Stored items
▬▬▬▬▬▬▬▬▬▬

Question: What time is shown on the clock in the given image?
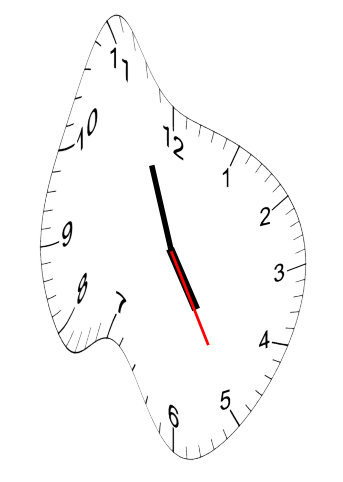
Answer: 04:56:25
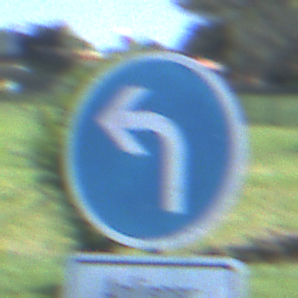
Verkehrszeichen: VorgeschriebeneFahrtrichtungLinks
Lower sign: PersonengruppenFrei2
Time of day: Midday
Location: Outdoor (Nature)
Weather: Clear
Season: Summer
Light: Natural
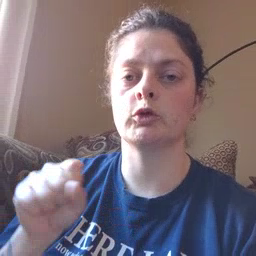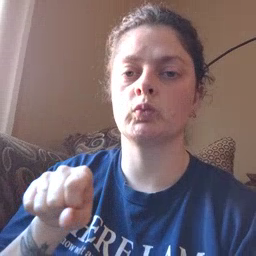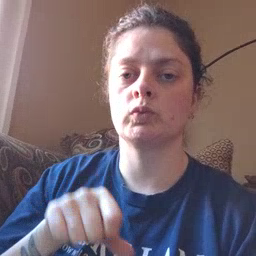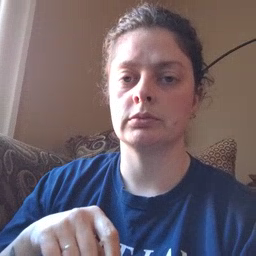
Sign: shoe
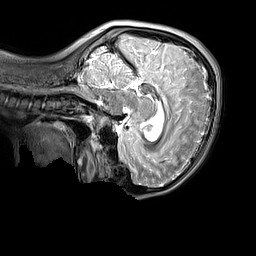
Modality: T2w
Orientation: sagittal
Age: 9
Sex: female
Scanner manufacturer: siemens
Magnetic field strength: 3 T
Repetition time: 3.2 s
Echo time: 0.408 s
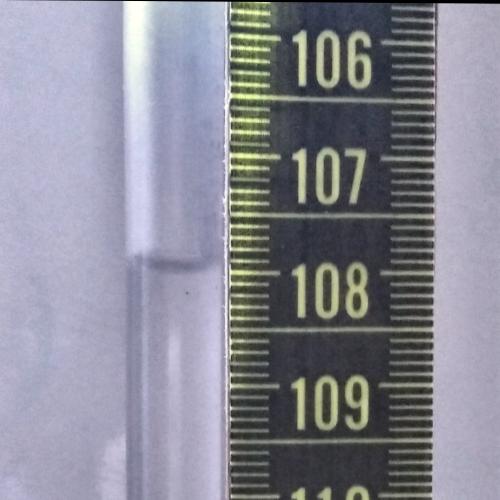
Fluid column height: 107.9 cm
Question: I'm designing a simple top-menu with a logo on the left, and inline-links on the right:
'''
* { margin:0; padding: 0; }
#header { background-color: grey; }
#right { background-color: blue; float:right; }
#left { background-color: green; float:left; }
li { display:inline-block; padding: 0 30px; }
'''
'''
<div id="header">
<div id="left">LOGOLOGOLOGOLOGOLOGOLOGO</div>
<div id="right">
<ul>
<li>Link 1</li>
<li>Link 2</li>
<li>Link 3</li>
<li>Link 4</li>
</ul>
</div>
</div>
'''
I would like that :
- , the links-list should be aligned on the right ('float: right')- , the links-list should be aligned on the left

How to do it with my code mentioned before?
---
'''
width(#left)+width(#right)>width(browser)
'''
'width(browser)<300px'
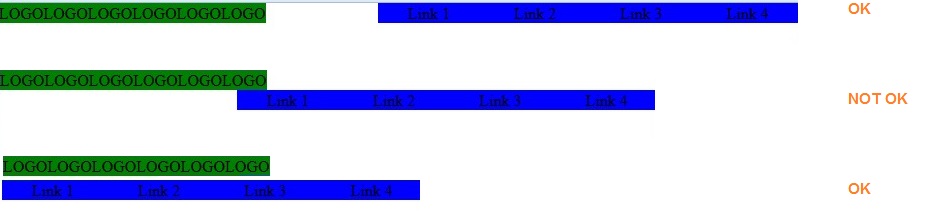
Answer: '''
$(document).ready(function(){
$( window ).resize(function(){
var lwidth=parseInt($('#left').css('width'));
var rwidth=parseInt($('#right').css('width'));
var fwidth=lwidth+rwidth;
var swidth=$(window).width()
if (fwidth > swidth){
$('#right').css('float','left');}
else{$('#right').css('float','right');;}
});
});
'''
'''
* { margin:0; padding: 0; }
#header { background-color: grey; }
#right { background-color: blue; float:right; }
#left { background-color: green; float:left; }
li { display:inline-block; padding: 0 30px; }
'''
'''
<script src="https://ajax.googleapis.com/ajax/libs/jquery/1.2.3/jquery.min.js"></script>
<div id="header">
<div id="left">LOGOLOGOLOGOLOGOLOGOLOGO</div>
<div id="right">
<ul>
<li>Link 1</li>
<li>Link 2</li>
<li>Link 3</li>
<li>Link 4</li>
</ul>
</div>
</div>
'''
check on load, if 'width(#left)+width(#right)>width(browser)' then change 'div#right' 'float' from 'right' to 'left'.
'''
$( window ).resize(function(){
var lwidth=parseInt($('#left').css('width'));
var rwidth=parseInt($('#right').css('width'));
var fwidth=lwidth+rwidth;
var swidth=$(window).width()
if (fwidth > swidth){
$('#right').css('float','left');}
else{$('#right').css('float','right');;}
});
'''
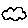
Label: cloud
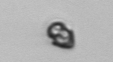
Label: Heterocapsa_rotundata
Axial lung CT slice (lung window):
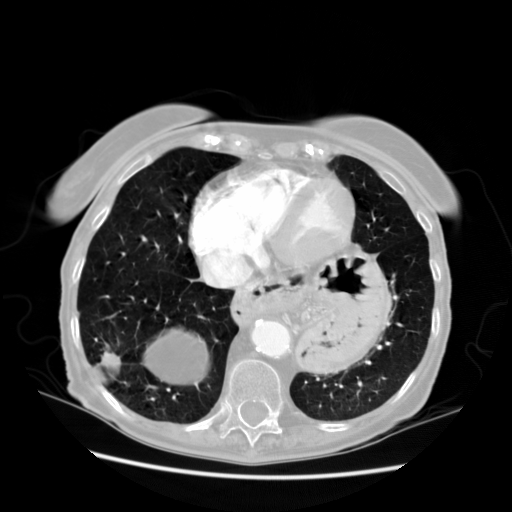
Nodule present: no
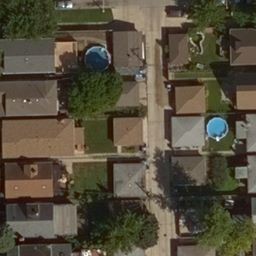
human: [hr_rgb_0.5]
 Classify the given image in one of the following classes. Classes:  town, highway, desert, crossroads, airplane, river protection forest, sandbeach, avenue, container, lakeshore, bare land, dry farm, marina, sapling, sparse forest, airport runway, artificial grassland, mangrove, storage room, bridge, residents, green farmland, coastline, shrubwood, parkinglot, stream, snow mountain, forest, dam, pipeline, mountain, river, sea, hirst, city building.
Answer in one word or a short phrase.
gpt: residents
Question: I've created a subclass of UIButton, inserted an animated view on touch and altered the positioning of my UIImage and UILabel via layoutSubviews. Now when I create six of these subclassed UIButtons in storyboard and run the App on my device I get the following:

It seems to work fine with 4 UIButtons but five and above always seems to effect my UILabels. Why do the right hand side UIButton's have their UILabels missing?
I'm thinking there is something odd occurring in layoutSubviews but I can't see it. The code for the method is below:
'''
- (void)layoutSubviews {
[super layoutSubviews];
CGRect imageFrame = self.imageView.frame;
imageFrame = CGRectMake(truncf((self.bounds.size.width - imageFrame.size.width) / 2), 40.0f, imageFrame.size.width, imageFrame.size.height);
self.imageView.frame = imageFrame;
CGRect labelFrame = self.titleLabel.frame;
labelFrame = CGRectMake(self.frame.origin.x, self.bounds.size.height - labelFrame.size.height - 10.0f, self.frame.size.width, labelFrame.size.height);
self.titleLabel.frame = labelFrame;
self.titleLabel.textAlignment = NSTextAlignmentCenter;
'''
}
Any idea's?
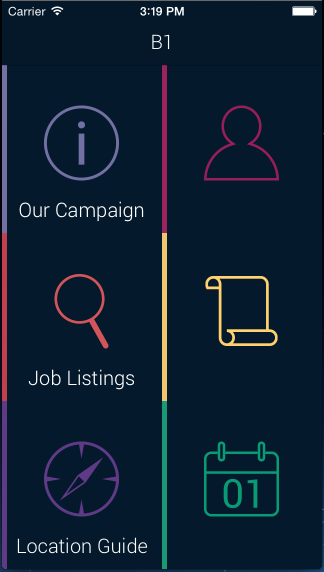
Answer: Well I found out what the issue was. I was centring the alignment of my UIButton subviews in the storyboard but still trying to set it's frame via layoutSubviews. This means it was altering the UILabel from its origin at the centre of the frame which pushes it to the right of the screen.
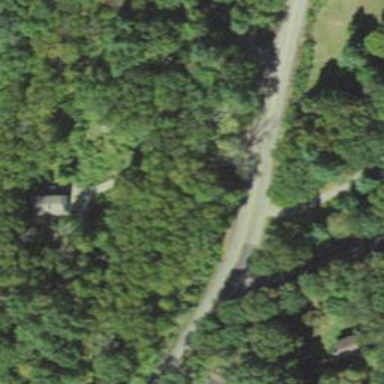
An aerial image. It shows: Residential driveway serving as service road.
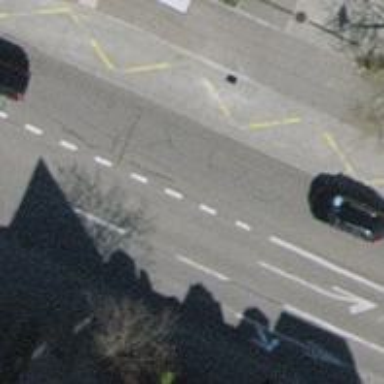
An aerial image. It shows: Primary highway with asphalt surface. There is separate cycle lane and trolley wire along the sidewalk.
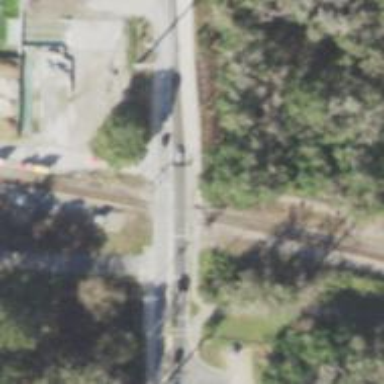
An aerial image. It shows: Railway crossing with lights.
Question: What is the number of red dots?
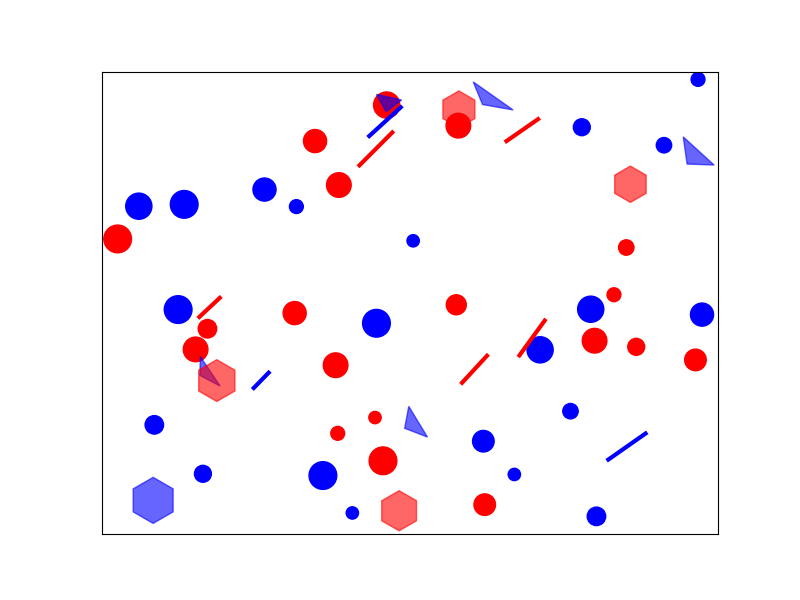
Answer: 19
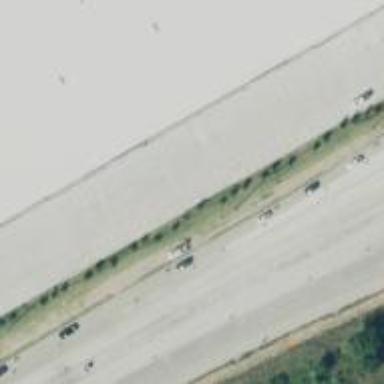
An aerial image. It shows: Primary link highway.
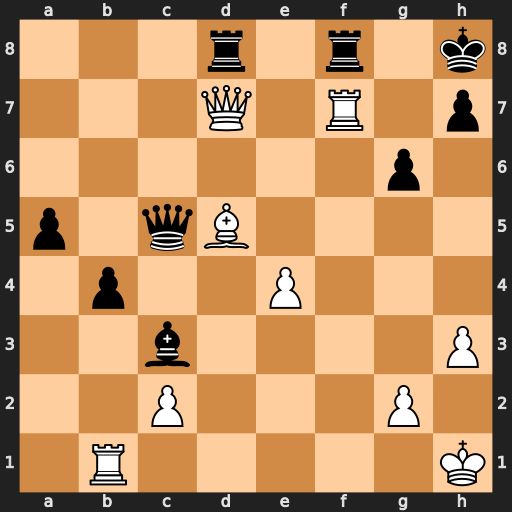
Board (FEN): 3r1r1k/3Q1R1p/6p1/p1qB4/1p2P3/2b4P/2P3P1/1R5K
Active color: w
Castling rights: -
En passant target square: -
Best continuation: Rxh7#
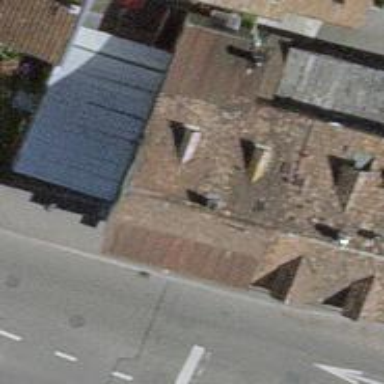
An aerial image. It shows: Restaurant.
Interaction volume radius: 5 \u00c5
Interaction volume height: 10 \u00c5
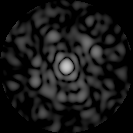
Disorder parameter: 0.8581
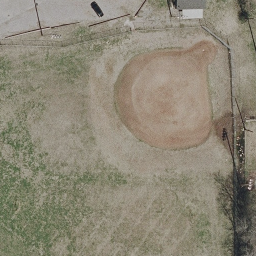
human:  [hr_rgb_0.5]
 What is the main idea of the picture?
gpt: baseball diamond
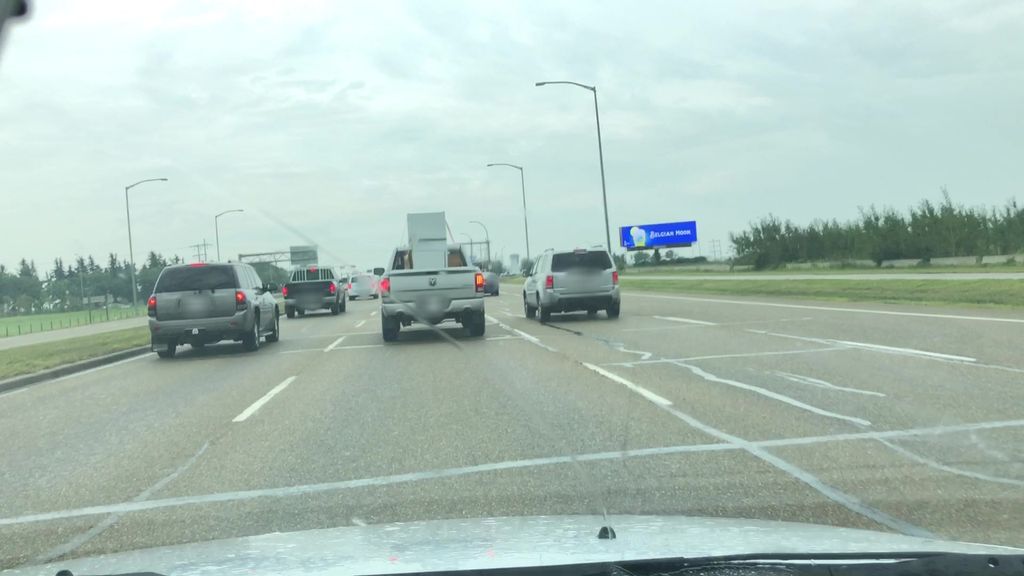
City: edmonton
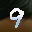
Label: 9

▬▬▬▬▬▬▬▬▬▬

What you need to do ->
Please give back an exact copy of the entries above from their first line through the line containing "Echo time: 0.408 s", leaving the pictures aside.

Result for this task ->
Question: What time is shown on the clock in the given image?
Answer: 04:56:25
Verkehrszeichen: VorgeschriebeneFahrtrichtungLinks
Lower sign: PersonengruppenFrei2
Time of day: Midday
Location: Outdoor (Nature)
Weather: Clear
Season: Summer
Light: Natural
Sign: shoe
Modality: T2w
Orientation: sagittal
Age: 9
Sex: female
Scanner manufacturer: siemens
Magnetic field strength: 3 T
Repetition time: 3.2 s
Echo time: 0.408 s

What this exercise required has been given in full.